Disturbing news came out of the tech sector last week when a whistleblower released documents showing that Google is trying to re-enter the Chinese market with a search engine that conforms to the draconian censorship laws China’s internet is bound by. The project, named “Dragonfly” is still ongoing with no definite outcome determined, but just the idea that Google would consider helping the Chinese government and President Xi Jinping in their repression of information, especially considering the actual jailing of journalists, bloggers, and citizens that has stemmed from these laws, is beyond disturbing.
According to internal documents the new search engine would remove content that China views as “sensitive” such as “information about political opponents, free speech, democracy, human rights, and peaceful protest. It would ‘blacklist sensitive queries’ so that ‘no results will be shown’ at all when people enter certain words or phrases” – most definitely including June 4 or Tiananmen Square, which the government meticulously censors, going so far as to forbid the phrases “May 35” and “8×8” among hundreds of others.
A Step Backwards for Google
Google ran a version of its search engine in China from 2006 – 2010. But in 2010 something alarming and completely predictable happened that turned Google around.

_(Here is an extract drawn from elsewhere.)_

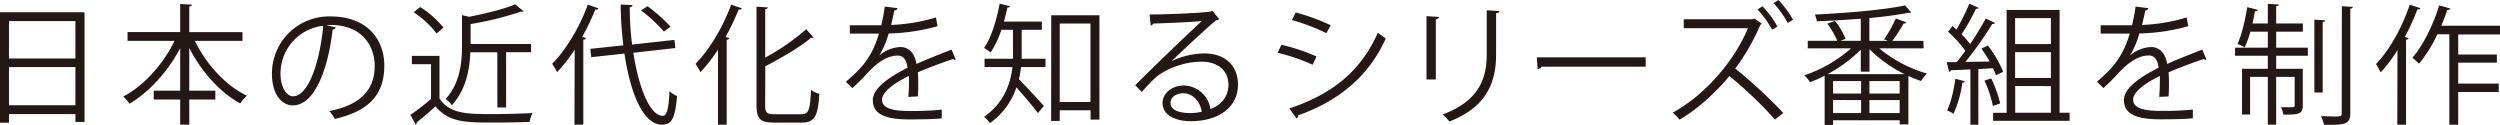 <svg xmlns="http://www.w3.org/2000/svg" viewBox="0 0 802.09 40.08"><defs><style>.cls-1{fill:#231815;}</style></defs><g id="レイヤー_2" data-name="レイヤー 2"><g id="text"><path class="cls-1" d="M0,3.93H27.12V39.12H24.2V36.61H2.88v2.76H0ZM24.2,6.77H2.88v12H24.2Zm-21.32,27H24.2V21.52H2.88Z"/><path class="cls-1" d="M77.79,13.12H62.53c3.59,7.44,9.86,14.34,16.68,17.6a12,12,0,0,0-2.13,2.46c-6.57-3.55-12.5-10.24-16.35-17.8V29.09h8.36v2.84H60.73V40H57.81V31.93H49.32V29.09h8.49V15.46c-4,7.57-10,14.13-16.26,17.81a14.86,14.86,0,0,0-2-2.3C46.11,27.58,52.38,20.56,56,13.12H40.92V10.28H57.81v-9l3.76.21c0,.3-.25.5-.84.59v8.23H77.79Z"/><path class="cls-1" d="M107.72,8.82a1.1,1.1,0,0,1-1,.67c-1.5,13-5.85,24.32-12.79,24.32-3.51,0-6.68-3.51-6.68-10.11A18.33,18.33,0,0,1,106,5.27c12.08,0,17.3,7.64,17.3,15.79,0,10-5.76,14.76-15.88,17.1a15.76,15.76,0,0,0-1.75-2.55c9.61-1.84,14.54-6.52,14.54-14.42C120.21,14.29,115.78,8,106,8a12,12,0,0,0-1.25.09Zm-4-.55A15.39,15.39,0,0,0,90,23.61C90,28.09,92,30.89,94,30.89,99,30.89,102.66,19.73,103.7,8.27Z"/><path class="cls-1" d="M141,17.93V31.6c3.26,5,9.24,5,16.76,5,4.52,0,9.82-.13,13.08-.34a10.7,10.7,0,0,0-.92,2.85c-2.88.12-7.48.21-11.62.21-8.6,0-14.33,0-18.55-5.19-2.05,1.84-4.26,3.72-6.06,5.14a.55.55,0,0,1-.38.67l-1.63-3.09a73.38,73.38,0,0,0,6.61-5.1V20.6h-6.15V17.93ZM134.8,2.26a30.82,30.82,0,0,1,7.49,6.6l-2.22,1.88a30,30,0,0,0-7.35-6.81Zm24.75,14.5H150.9c-.21,5.39-1.34,12-5.94,17a7.08,7.08,0,0,0-2-2c4.68-5.05,5.26-11.82,5.26-17.13V4.85l2.3.54c5.43-1.09,11.37-2.51,14.71-4L168,3.59c-.13.13-.17.13-.84.13a103.6,103.6,0,0,1-16.17,4v6.4h19.39v2.63h-8V34.48h-2.8Z"/><path class="cls-1" d="M184.38,15.92a51.52,51.52,0,0,1-5.64,7.23,20.41,20.41,0,0,0-1.59-2.67c4.35-4.35,8.77-11.66,11.45-19L192,2.67a.78.78,0,0,1-1,.38,78.42,78.42,0,0,1-4.23,8.82l1.22.33c-.09.3-.3.51-.84.55V40h-2.84Zm32.31-.5-13.5,1.51c1.75,11.2,5.3,20.18,9.44,20.22,1.34,0,1.92-2.29,2.17-7.89a7.53,7.53,0,0,0,2.43,1.54C216.6,38,215.52,40,212.42,40c-6.14,0-10.2-10.24-12.08-22.82l-10.65,1.17-.3-2.68L200,14.54a113,113,0,0,1-.88-13.08l3.81.17c0,.38-.3.58-.88.67a94.44,94.44,0,0,0,.75,12l13.58-1.5ZM207.74,2a48.84,48.84,0,0,1,7.4,6.56L213,10.11a49.35,49.35,0,0,0-7.32-6.77Z"/><path class="cls-1" d="M230.36,40V15.92a51.52,51.52,0,0,1-5.64,7.23,20.41,20.41,0,0,0-1.59-2.67c4.35-4.35,8.78-11.66,11.45-19L238,2.67a.78.78,0,0,1-1,.38,80.12,80.12,0,0,1-4.22,8.82l1.21.33c-.09.3-.29.51-.84.55V40Zm15.13-6.23c0,2.34.5,2.88,2.92,2.88h8.74c2.38,0,2.76-1.58,3.05-7.81a7.37,7.37,0,0,0,2.68,1.25c-.46,6.86-1.3,9.24-5.61,9.24h-9c-4.31,0-5.56-1.17-5.56-5.64V2.13l3.63.25c0,.29-.25.5-.83.59v15.5a71.26,71.26,0,0,0,13.16-9.11L261,12a.94.94,0,0,1-.79.12c-3.51,3-9.28,6.31-14.67,9.15Z"/><path class="cls-1" d="M306.64,19.1a.61.61,0,0,1-.25.08,1,1,0,0,1-.63-.25C302.58,20,298,21.69,294.48,23.2c.08,1,.12,2,.12,3.26s0,2.84-.12,4.47l-3.05.16c.12-1.5.21-3.42.21-5.05,0-.63,0-1.21-.05-1.67C286.87,26.66,283,29.46,283,32s2.88,3.6,8.65,3.6a94.72,94.72,0,0,0,10.49-.42l0,2.8c-2.47.25-6.23.33-10.53.33-8,0-11.58-1.92-11.58-6.18,0-3.68,4.85-7.23,11.12-10.37-.25-2.63-1.42-3.93-3.1-3.93-3.05,0-6.22,1.72-10,5.9-1.17,1.29-2.8,2.92-4.6,4.55l-2.05-2.05C275.67,22.53,279.6,19,282,10.78l-2.34,0h-7V8.11c2.55,0,5.52,0,7.23,0l2.85,0a56.08,56.08,0,0,0,1.12-6l4.1.5c-.08.42-.42.67-1.05.76-.29,1.67-.66,3.13-1,4.63A57.31,57.31,0,0,0,300.29,5.6l.5,2.8a62.88,62.88,0,0,1-15.67,2.34,30.6,30.6,0,0,1-3,7.06h0a11.12,11.12,0,0,1,6.73-2.71c2.84,0,4.64,2.05,5.18,5.43,3.51-1.59,7.94-3.3,11.28-4.6Z"/><path class="cls-1" d="M327.79,9.57v7.15c0,.67,0,1.42,0,2.13h7.65v2.67h-7.86a31.72,31.72,0,0,1-.67,3.89c2,2,6.82,7.23,8,8.57L333,36.28c-1.34-1.84-4.68-5.77-6.9-8.24A22.77,22.77,0,0,1,317.6,39.5a9.5,9.5,0,0,0-1.89-2C322.07,33,324.2,27,324.83,21.52h-8.95V18.85H325c0-.75,0-1.46,0-2.17V9.57h-3.72a29.29,29.29,0,0,1-3.47,7.27,14.64,14.64,0,0,0-2.09-1.46c2.26-3.22,4-8.73,5-14.21l3.35.84c-.09.29-.38.41-.88.41-.29,1.51-.67,3-1.09,4.52h12.17V9.57Zm9.49-4.68h15.46V38.37H349.9v-3H340v3.43h-2.76ZM340,32.72h9.86V7.56H340Z"/><path class="cls-1" d="M376,19.56a25.34,25.34,0,0,1,10.36-2.42c6.65,0,10.83,3.88,10.83,10,0,7.56-6.65,11.74-15.05,11.74-5.43,0-9.15-2.17-9.15-5.85,0-3.09,3-5.6,6.85-5.6A8.82,8.82,0,0,1,388.36,35c3.34-1.25,5.77-3.93,5.77-7.81,0-4.52-3.35-7.4-8.61-7.4-6.27,0-12.41,2.8-15.17,5.48-1.26,1.17-2.89,2.92-4,4.22l-2.13-2.13C368,23.45,379.92,12,385.6,6.73c-2.42.33-10.78.67-15.55.83a1.33,1.33,0,0,1-.87.63l-.34-3.55c5.64,0,16.43-.46,19.48-.92l.63-.29,2.21,2.71a2,2,0,0,1-1,.38c-3,2.42-10.91,9.86-14.17,13Zm5.77,16.72a18.35,18.35,0,0,0,3.8-.42c-.46-3.22-2.84-5.94-5.94-5.94-2.17,0-4.09,1.17-4.09,3.1C375.53,35.57,379,36.28,381.76,36.28Z"/><path class="cls-1" d="M411.14,14.38a59.29,59.29,0,0,1,11.25,3.76l-1.26,2.63a60.32,60.32,0,0,0-11.24-3.84Zm2.51,20.43c13.58-4.55,22.86-11.78,28.42-24.32.63.54,1.92,1.42,2.55,1.84C439,24.74,429.28,32.47,416.49,37a1,1,0,0,1-.5,1ZM415.74,4a67.61,67.61,0,0,1,11.2,4.1l-1.38,2.55a64.66,64.66,0,0,0-11.07-4.22Z"/><path class="cls-1" d="M457.67,25.49V5.18l4,.25c-.05.38-.34.67-1,.76v19.3ZM481,3.55c-.05.42-.34.63-1,.71V17.55c0,8.78-3,16.8-15,21.44a12.36,12.36,0,0,0-2.17-2.25c11.57-4.31,14.16-11.45,14.16-19.19V3.3Z"/><path class="cls-1" d="M493.07,18.39H528v3H494.66a1.93,1.93,0,0,1-1.34.79Z"/><path class="cls-1" d="M565.26,7.61a.8.8,0,0,1-.46.29A66.64,66.64,0,0,1,556.73,22a157,157,0,0,1,15.42,14.25l-2.67,2.09a131.35,131.35,0,0,0-14.63-13.95c-3.64,4.47-9.91,10.53-16,14a18.15,18.15,0,0,0-2.17-2.26c11.58-6.35,20.4-18,24.12-27.08H540.22V6.19h22.15l.55-.21Zm.2-5.6a29.67,29.67,0,0,1,4.81,6.52l-1.71,1a31.07,31.07,0,0,0-4.68-6.48Zm5.15-2a35.11,35.11,0,0,1,4.68,6.31l-1.72,1.05A30.64,30.64,0,0,0,569,1Z"/><path class="cls-1" d="M617.17,15.51H602.92a42.63,42.63,0,0,0,15.34,8.1A13.22,13.22,0,0,0,616.33,26c-1.29-.46-2.67-1-4.05-1.63V39.91h-2.8V38.58H588.12v1.5h-2.71V24.28a36.92,36.92,0,0,1-4.68,2.09,13.08,13.08,0,0,0-1.84-2.21,43.35,43.35,0,0,0,15-8.65H580V13.08h9.45a25.49,25.49,0,0,0-3.18-5.47l2.43-.92a21.56,21.56,0,0,1,3.42,5.76l-1.59.63H597V6c-4.69.37-9.58.67-14.09.83a9.79,9.79,0,0,0-.63-2.17c10.08-.46,22.32-1.5,28.93-2.92l2,2.25c-.08.09-.21.09-.37.09a1.54,1.54,0,0,1-.46,0c-3.3.67-7.78,1.26-12.62,1.72v7.31h5.93c-.46-.21-.92-.37-1.21-.5a39.74,39.74,0,0,0,3.76-6.69l3.38,1.26c-.12.25-.41.37-.87.37a60.45,60.45,0,0,1-3.6,5.56h9.95ZM597,15.92a44.11,44.11,0,0,1-10.66,7.86h24.7a42.4,42.4,0,0,1-11.24-8V23H597ZM597.11,30V26h-9v4Zm-9,2.09v4.18h9V32.1ZM609.48,30V26h-9.7v4Zm-9.7,6.27h9.7V32.1h-9.7Z"/><path class="cls-1" d="M640.41,24.16c-.25-.67-.58-1.42-1-2.26l-4.68.25V40h-2.55V22.28c-2.38.08-4.55.2-6.27.25,0,.33-.29.46-.58.54l-.75-3.13h3.17c.92-1.09,1.88-2.34,2.8-3.64A35,35,0,0,0,625,10.2l1.43-1.84a15.76,15.76,0,0,1,1.25,1.13,66.59,66.59,0,0,0,4.14-8.28l3,1.3c-.17.25-.42.33-.88.33A62,62,0,0,1,629.34,11a33.52,33.52,0,0,1,2.76,3.14c1.88-2.8,3.68-5.77,5-8.19l3,1.42a1.06,1.06,0,0,1-.92.33,110.79,110.79,0,0,1-8.61,12.16l7.81-.12a48.24,48.24,0,0,0-2.67-4.14l2.09-1a36.77,36.77,0,0,1,4.89,8.4Zm-10,1.92c-.09.25-.34.42-.8.42a37.11,37.11,0,0,1-2.84,10,15.27,15.27,0,0,0-2.09-1.09c1.21-2.34,2.13-6.35,2.68-10.15Zm8.44-.92a39.35,39.35,0,0,1,2.88,8c-.5.21-1,.38-2.34.84a35.1,35.1,0,0,0-2.72-8.15Zm21.94,11H664v2.59H639.45V36.19h4.35v-33h17ZM658,5.81H646.52v8.32H658ZM658,25V16.72H646.52V25Zm-11.45,2.6v8.56H658V27.63Z"/><path class="cls-1" d="M707.92,19.1a.66.66,0,0,1-.25.08,1,1,0,0,1-.63-.25c-3.18,1.05-7.82,2.76-11.28,4.27.08,1,.12,2,.12,3.26s0,2.84-.12,4.47l-3,.16c.12-1.5.2-3.42.2-5.05,0-.63,0-1.21,0-1.67-4.72,2.29-8.57,5.09-8.57,7.6s2.89,3.6,8.66,3.6a94.72,94.72,0,0,0,10.49-.42l0,2.8c-2.47.25-6.23.33-10.53.33-8,0-11.58-1.92-11.58-6.18,0-3.68,4.85-7.23,11.12-10.37-.25-2.63-1.42-3.93-3.1-3.93-3,0-6.22,1.72-10,5.9-1.17,1.29-2.8,2.92-4.59,4.55l-2.05-2.05C677,22.53,680.88,19,683.3,10.78l-2.34,0h-7V8.11c2.55,0,5.52,0,7.23,0l2.84,0a53.61,53.61,0,0,0,1.13-6l4.1.5c-.09.42-.42.67-1,.76-.29,1.67-.67,3.13-1,4.63A57.31,57.31,0,0,0,701.57,5.6l.5,2.8a62.88,62.88,0,0,1-15.68,2.34,29.74,29.74,0,0,1-3,7.06h0a11.1,11.1,0,0,1,6.73-2.71c2.84,0,4.63,2.05,5.18,5.43,3.51-1.59,7.94-3.3,11.28-4.6Z"/><path class="cls-1" d="M730.28,10.16V15.3h10.16v2.59H730.28v4.18h8.53V33.85c0,2.72-1.17,2.93-6.23,2.93a7.87,7.87,0,0,0-.75-2.38c.92,0,1.71,0,2.38,0,1.8,0,2,0,2-.59V24.66h-5.94V40h-2.67V24.66h-5.69V36.74h-2.59V22.07h8.28V17.89H717.08V15.3h10.53V10.16H722a30.5,30.5,0,0,1-1.84,5.05,15.34,15.34,0,0,0-2.3-1.13c1.34-2.75,2.42-7.43,3.14-11.78l3.34.83c-.08.3-.34.46-.88.46-.21,1.26-.46,2.6-.79,3.93h4.93V1.21l3.51.25c0,.3-.25.46-.84.55V7.52h8.57v2.64ZM746,6.52c0,.29-.25.5-.8.54V29.67h-2.67V6.31ZM751.35,2l3.51.2c0,.3-.25.51-.8.59V36.36c0,3.59-1.88,3.76-8.4,3.68a17.23,17.23,0,0,0-1-2.76c1.55,0,3,.08,4.06.08,2.21,0,2.59,0,2.59-1Z"/><path class="cls-1" d="M769.2,16.05a45,45,0,0,1-5.39,7.15,24.88,24.88,0,0,0-1.51-2.64c4.23-4.34,8.36-11.66,10.83-19.06l3.43,1.13c-.17.3-.46.42-1,.42a73.38,73.38,0,0,1-4,8.82l1.17.33c0,.3-.29.46-.79.55V40h-2.8Zm32.89-5H788.68v6.44h12.41V20.1H788.68v6.73h13v2.68h-13V40h-2.85V11H782a44,44,0,0,1-5.9,9.45,18.74,18.74,0,0,0-2.13-1.92c3.39-3.85,6.65-10.45,8.61-16.8l3.6,1a1,1,0,0,1-1,.46c-.58,1.67-1.21,3.39-1.92,5.06h18.89Z"/></g></g></svg>

In January , Chinese authorities attempted to hack into the Google accounts of several prominent human rights activists. Shortly thereafter, Google made front-page news in announcing that it was prepared to leave China if the government continued to censor its online content. The historic announcement was a momentous step forward in ending internet companies’ complicity in the suppression of online freedom of speech.
Google acknowledged the impossibility of supporting human rights and free expression and censoring content. They redirected the Chinese search engine to their Hong Kong search engine which didn’t censor results. Mainland China eventually banned Google searches. Google helped lead Global Network Initiative, a group of internet companies, nonprofits, academics, and investors interested in promoting user privacy and freedom of information. Google seemed to return to their senses.
But of course nothing is ever that simple. More information is coming out, showing Google never really left China. And the data they collected from their Chinese website directory provided the foundation for their upcoming Chinese mobile search engine.
Do The Right Thing
This all may seem like a forgone conclusion, in a world where every corporation seems out for its self, how can people expect anything different? And why does it even matter? China’s going to censor its internet whether or not Google helps them.
Patrick Poon, China Researcher at Amnesty International, put it best in a statement released by the human rights organization.
“It will be a dark day for internet freedom if Google has acquiesced to China’s extreme censorship rules to gain market access. It is impossible to see how such a move is compatible with Google’s ‘Do the right thing’ motto, and we are calling on the company to change course.
“For the world’s biggest search engine to adopt such extreme measures would be a gross attack on freedom of information and internet freedom. In putting profits before human rights, Google would be setting a chilling precedent and handing the Chinese government a victory.
“This also raises serious questions as to what safeguards Google is putting in place to protect users’ privacy. Would Google rollover and hand over personal data should the Chinese authorities request it?”
Maybe this is why Google changed their motto in 2015 from the unambiguous “Don’t Be Evil”, to “Do the Right Thing.” The right thing for whom? I’m sure some would say gaining market share in China is financially the right thing, but most would agree it certainly feels evil.